Subsidies in the recently passed farm bill prop up a handful of large agribusinesses at the expense of hundreds of millions of taxpayers. Agencies such as the Export-Import Bank are designed for the sole purpose of dispensing privileges to large, multinational corporations like Boeing. Relocating or expanding firms such as Amazon increasingly expect local governments to shower them with corporate welfare. And big banks grow bigger based on the expectation—established over three decades—that policy makers will not let them fail.
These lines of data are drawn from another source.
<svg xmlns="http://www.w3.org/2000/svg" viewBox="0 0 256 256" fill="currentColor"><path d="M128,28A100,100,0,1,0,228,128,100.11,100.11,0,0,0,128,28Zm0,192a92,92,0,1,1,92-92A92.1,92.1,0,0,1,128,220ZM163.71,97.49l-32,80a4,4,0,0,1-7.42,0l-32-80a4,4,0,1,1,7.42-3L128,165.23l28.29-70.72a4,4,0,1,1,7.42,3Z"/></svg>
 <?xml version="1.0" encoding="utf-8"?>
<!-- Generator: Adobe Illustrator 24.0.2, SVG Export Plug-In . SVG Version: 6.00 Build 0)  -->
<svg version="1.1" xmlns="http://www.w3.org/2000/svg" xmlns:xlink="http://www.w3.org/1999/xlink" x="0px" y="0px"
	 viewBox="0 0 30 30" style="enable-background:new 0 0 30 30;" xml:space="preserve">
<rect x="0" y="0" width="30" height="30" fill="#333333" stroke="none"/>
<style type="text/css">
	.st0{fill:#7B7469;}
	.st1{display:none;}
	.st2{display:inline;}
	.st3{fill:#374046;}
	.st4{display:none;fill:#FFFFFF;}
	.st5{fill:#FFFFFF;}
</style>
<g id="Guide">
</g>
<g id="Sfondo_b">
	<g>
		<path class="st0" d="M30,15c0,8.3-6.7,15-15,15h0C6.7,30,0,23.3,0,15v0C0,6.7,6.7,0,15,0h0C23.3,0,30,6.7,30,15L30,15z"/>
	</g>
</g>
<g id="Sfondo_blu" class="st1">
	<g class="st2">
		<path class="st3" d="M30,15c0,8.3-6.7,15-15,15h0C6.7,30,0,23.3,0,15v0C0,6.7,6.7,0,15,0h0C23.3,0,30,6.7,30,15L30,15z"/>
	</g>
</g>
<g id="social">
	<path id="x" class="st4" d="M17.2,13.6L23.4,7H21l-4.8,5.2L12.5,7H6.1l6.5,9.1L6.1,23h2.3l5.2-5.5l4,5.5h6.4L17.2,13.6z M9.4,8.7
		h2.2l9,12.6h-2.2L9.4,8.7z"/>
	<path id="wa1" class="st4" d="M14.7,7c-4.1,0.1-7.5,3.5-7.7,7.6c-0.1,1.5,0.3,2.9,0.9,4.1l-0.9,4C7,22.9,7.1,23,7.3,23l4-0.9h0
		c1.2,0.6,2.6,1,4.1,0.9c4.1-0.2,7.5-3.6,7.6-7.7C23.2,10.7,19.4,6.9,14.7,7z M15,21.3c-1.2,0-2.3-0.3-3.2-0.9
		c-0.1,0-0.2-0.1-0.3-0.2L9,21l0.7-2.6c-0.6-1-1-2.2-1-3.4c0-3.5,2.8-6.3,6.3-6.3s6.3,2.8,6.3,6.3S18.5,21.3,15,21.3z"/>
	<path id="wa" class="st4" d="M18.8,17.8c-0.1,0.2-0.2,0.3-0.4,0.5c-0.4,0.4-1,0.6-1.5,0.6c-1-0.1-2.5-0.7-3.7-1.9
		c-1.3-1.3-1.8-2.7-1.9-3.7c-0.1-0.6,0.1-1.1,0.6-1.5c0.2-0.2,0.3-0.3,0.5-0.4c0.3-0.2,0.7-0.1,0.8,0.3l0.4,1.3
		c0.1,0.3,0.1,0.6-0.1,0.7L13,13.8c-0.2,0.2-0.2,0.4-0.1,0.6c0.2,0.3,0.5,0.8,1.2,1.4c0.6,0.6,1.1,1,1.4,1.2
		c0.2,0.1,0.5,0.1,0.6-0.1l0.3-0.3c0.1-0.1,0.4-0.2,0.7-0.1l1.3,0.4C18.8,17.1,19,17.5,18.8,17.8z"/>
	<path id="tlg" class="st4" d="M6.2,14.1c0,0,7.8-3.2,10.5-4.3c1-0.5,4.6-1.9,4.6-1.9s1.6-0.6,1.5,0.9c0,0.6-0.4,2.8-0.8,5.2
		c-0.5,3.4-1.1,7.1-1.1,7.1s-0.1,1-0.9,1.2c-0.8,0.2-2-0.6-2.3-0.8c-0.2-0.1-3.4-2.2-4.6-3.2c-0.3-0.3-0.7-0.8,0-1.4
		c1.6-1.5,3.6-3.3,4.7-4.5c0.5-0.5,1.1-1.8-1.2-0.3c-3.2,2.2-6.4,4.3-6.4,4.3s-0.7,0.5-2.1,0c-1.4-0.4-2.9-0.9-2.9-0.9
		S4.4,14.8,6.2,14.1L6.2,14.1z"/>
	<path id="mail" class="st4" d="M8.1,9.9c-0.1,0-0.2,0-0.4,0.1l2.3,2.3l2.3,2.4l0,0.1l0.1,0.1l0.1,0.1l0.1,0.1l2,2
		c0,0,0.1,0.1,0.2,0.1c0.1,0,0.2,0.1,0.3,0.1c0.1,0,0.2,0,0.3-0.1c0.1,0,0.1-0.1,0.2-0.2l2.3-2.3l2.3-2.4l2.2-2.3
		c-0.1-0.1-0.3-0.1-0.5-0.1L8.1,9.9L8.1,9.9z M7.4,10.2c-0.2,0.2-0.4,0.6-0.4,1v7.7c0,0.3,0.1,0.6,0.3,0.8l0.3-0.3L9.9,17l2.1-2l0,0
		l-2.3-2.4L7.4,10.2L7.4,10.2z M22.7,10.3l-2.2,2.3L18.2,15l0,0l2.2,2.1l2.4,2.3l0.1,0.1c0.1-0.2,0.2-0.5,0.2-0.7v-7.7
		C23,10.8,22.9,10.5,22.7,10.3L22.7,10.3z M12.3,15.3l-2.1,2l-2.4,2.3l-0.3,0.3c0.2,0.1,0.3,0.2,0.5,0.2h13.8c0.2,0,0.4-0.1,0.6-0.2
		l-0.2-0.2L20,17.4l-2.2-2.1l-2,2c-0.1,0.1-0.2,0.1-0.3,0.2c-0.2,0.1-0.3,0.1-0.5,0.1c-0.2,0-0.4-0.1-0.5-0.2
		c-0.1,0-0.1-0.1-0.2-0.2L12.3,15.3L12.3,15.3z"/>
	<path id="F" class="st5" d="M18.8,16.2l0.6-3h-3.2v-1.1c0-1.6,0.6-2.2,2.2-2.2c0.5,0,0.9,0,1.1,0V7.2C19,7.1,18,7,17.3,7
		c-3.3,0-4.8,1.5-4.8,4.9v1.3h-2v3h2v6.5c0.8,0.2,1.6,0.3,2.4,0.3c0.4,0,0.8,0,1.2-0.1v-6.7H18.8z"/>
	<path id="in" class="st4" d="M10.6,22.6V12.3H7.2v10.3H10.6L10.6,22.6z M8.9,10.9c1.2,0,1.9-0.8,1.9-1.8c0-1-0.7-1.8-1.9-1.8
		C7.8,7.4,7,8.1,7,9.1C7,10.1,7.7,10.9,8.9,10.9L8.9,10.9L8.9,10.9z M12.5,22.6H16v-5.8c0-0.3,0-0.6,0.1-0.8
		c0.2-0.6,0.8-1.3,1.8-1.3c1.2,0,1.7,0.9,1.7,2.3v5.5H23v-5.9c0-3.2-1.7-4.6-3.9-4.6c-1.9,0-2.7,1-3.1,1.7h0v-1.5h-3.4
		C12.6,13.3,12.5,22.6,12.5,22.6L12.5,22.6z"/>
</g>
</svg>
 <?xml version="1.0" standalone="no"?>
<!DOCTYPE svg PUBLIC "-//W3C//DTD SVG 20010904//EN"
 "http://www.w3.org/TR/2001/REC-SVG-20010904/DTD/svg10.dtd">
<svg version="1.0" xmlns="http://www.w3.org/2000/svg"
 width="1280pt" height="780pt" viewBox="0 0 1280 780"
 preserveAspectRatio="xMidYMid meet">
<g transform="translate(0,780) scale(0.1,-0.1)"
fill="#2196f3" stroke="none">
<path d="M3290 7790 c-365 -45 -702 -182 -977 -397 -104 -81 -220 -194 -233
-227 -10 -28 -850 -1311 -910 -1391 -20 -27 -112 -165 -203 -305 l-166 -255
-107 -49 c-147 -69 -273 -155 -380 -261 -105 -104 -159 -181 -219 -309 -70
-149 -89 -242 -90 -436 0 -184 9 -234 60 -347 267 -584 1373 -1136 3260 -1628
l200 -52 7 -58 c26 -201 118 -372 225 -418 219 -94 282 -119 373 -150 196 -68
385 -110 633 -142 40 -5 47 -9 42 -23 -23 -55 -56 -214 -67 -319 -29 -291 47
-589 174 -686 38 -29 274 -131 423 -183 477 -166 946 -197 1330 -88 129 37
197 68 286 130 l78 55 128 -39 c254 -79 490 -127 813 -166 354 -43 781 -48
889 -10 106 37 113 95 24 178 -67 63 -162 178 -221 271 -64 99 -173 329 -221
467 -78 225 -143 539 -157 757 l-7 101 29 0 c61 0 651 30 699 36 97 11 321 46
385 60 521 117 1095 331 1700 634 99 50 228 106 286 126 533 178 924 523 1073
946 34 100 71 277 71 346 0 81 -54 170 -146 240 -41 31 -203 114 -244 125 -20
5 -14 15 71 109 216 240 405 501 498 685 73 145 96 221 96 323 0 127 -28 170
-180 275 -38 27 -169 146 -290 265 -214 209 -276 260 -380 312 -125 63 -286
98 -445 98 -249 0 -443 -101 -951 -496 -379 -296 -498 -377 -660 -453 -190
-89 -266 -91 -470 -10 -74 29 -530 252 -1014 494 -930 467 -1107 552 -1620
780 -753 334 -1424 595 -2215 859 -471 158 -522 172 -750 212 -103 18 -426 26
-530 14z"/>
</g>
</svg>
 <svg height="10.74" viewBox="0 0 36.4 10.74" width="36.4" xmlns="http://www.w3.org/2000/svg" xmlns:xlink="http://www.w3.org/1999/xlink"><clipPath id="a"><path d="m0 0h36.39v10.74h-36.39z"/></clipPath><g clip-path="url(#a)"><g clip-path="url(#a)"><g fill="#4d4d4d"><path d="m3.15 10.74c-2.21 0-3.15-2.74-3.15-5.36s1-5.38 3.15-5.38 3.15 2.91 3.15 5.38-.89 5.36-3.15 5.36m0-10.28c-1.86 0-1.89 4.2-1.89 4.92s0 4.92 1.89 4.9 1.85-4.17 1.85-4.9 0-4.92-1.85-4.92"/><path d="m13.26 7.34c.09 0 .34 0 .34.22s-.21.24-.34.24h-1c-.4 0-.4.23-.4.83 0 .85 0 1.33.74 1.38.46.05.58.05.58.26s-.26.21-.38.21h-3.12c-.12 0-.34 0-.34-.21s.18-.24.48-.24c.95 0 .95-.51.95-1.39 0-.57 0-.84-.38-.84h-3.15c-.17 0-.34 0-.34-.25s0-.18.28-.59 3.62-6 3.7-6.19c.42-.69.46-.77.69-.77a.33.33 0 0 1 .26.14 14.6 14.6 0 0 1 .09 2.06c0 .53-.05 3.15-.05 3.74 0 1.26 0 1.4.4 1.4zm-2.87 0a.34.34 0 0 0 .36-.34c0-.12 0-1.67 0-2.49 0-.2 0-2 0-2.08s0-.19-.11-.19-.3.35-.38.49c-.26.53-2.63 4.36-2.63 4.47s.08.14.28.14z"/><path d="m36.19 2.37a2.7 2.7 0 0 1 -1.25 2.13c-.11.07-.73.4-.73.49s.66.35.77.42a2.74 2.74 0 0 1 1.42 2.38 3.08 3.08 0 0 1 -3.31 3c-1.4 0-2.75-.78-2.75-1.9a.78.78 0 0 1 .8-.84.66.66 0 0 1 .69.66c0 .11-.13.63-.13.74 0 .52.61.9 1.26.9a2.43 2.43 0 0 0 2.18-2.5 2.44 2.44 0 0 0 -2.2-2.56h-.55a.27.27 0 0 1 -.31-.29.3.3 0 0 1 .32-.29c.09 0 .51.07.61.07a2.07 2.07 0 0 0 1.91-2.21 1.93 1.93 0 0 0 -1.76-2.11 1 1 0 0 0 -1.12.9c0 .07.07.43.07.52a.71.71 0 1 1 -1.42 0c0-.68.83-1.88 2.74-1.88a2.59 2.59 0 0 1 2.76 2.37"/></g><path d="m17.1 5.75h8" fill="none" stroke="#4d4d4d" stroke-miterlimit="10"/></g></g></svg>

This is not free market capitalism.

It is, as economist Randall Holcombe puts it in his book on “Political Capitalism,” a “system in which the economic and political elite cooperate for their mutual benefit.” The political elite tilt the economic playing field in favor of the economic elite, privileging them through subsidies, regulatory protections, and targeted tax breaks. In exchange, the economic elite then help to ensure that the political elite remain in power. The rest of us pay the bill for this quid pro quo through higher taxes, higher prices, and a less efficient, less dynamic economy.

Unfortunately, many observe this tilted economy and mistake it for free market capitalism. If this is capitalism, they reason, socialism must be better.

It is not.

But that doesn’t mean that we need to be content with the status quo. Genuine free-market capitalism requires a free, and level, economic playing field. No special privileges for politically connected or politically correct firms. There is much to do to make ours an open and level economic playing field.

Could Representatives Ocasio-Cortez and Tlaib help achieve this goal? Lately, they have taken a lot of heat for staking out radical positions on taxes and spending. But their conservative and libertarian critics should also take note of some points of agreement. Both have denounced corporate welfare and Rep. Ocasio-Cortez has been vocal in her opposition to the Amazon HQ2 deal in New York. In this, they have been joined by a chorus of free-market thinkers who are appalled at the government’s selective favoritism. Perhaps these socialists have more in common with free-market advocates than they or their critics realize.

Matthew Mitchell is a senior research fellow and the director of the Mercatus Center at George Mason University’s Equity Initiative.